Please write out all of the data below exactly, without including the pictures.

▶

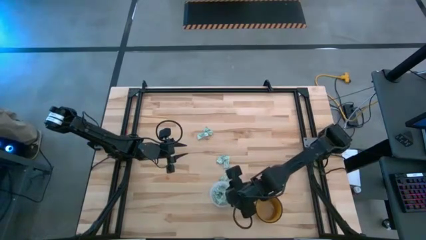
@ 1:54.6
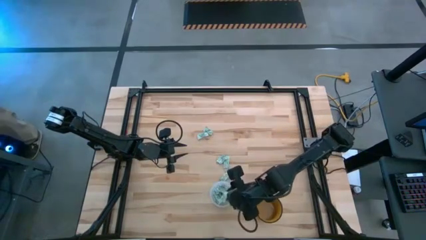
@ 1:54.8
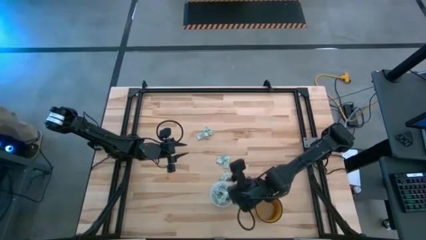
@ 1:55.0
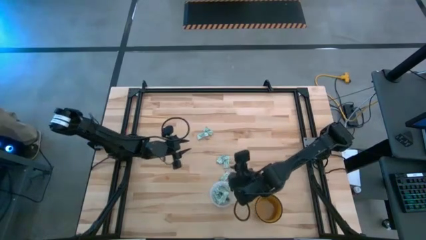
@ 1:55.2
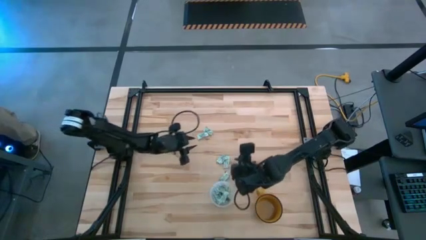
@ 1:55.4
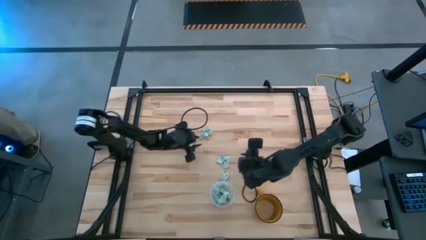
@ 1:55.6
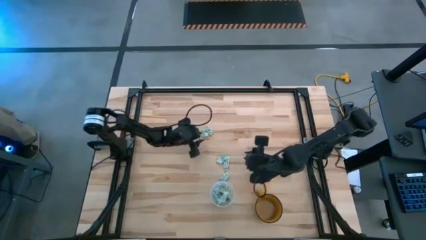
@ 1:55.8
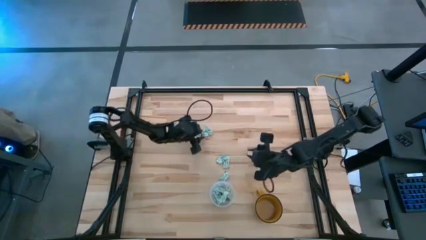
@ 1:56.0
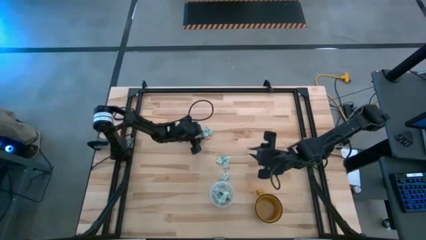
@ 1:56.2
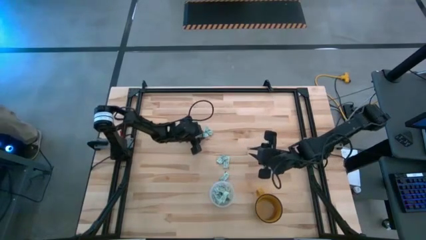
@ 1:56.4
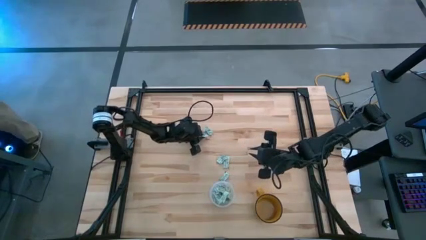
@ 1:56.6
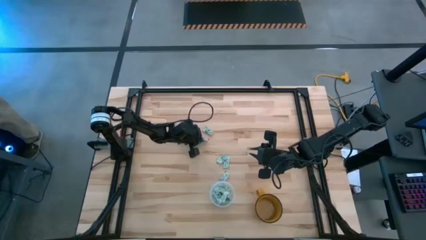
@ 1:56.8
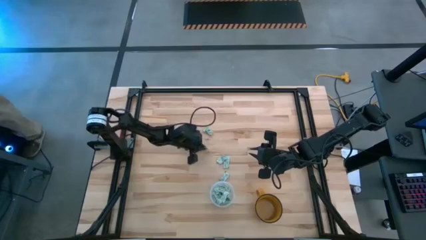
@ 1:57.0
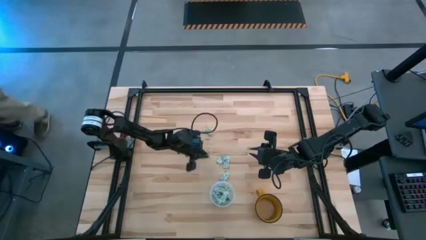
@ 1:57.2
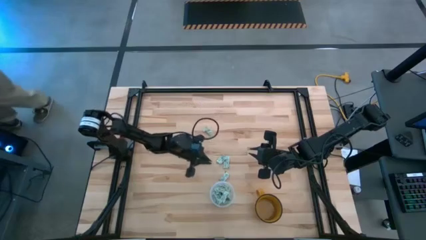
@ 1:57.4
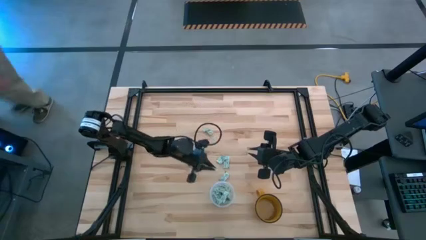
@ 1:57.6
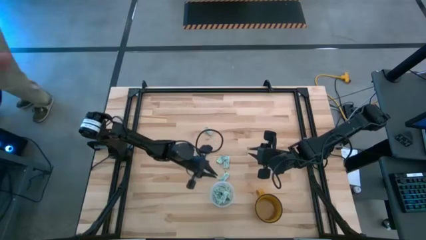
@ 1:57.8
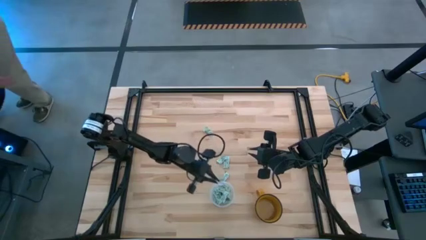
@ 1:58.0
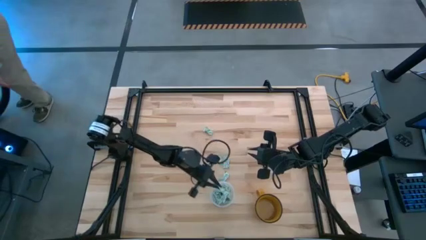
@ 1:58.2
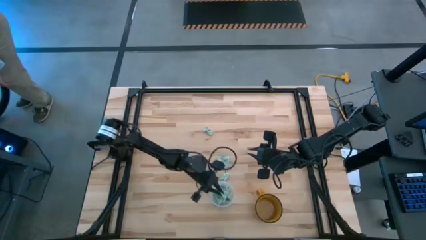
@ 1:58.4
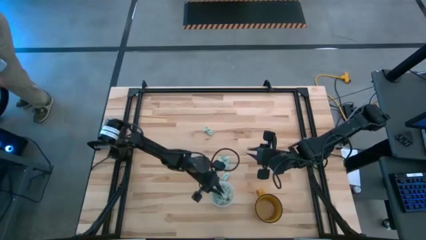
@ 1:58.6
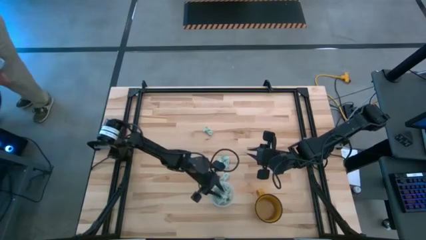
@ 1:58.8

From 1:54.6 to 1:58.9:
Put the stevia packet into the transparent bin

◀

● **COMPLETED TASK**:
@ 1:54.6
@ 1:54.8
@ 1:55.0
@ 1:55.2
@ 1:55.4
@ 1:55.6
@ 1:55.8
@ 1:56.0
@ 1:56.2
@ 1:56.4
@ 1:56.6
@ 1:56.8
@ 1:57.0
@ 1:57.2
@ 1:57.4
@ 1:57.6
@ 1:57.8
@ 1:58.0
@ 1:58.2
@ 1:58.4
@ 1:58.6
@ 1:58.8

From 1:54.6 to 1:58.9:
Put the stevia packet into the transparent bin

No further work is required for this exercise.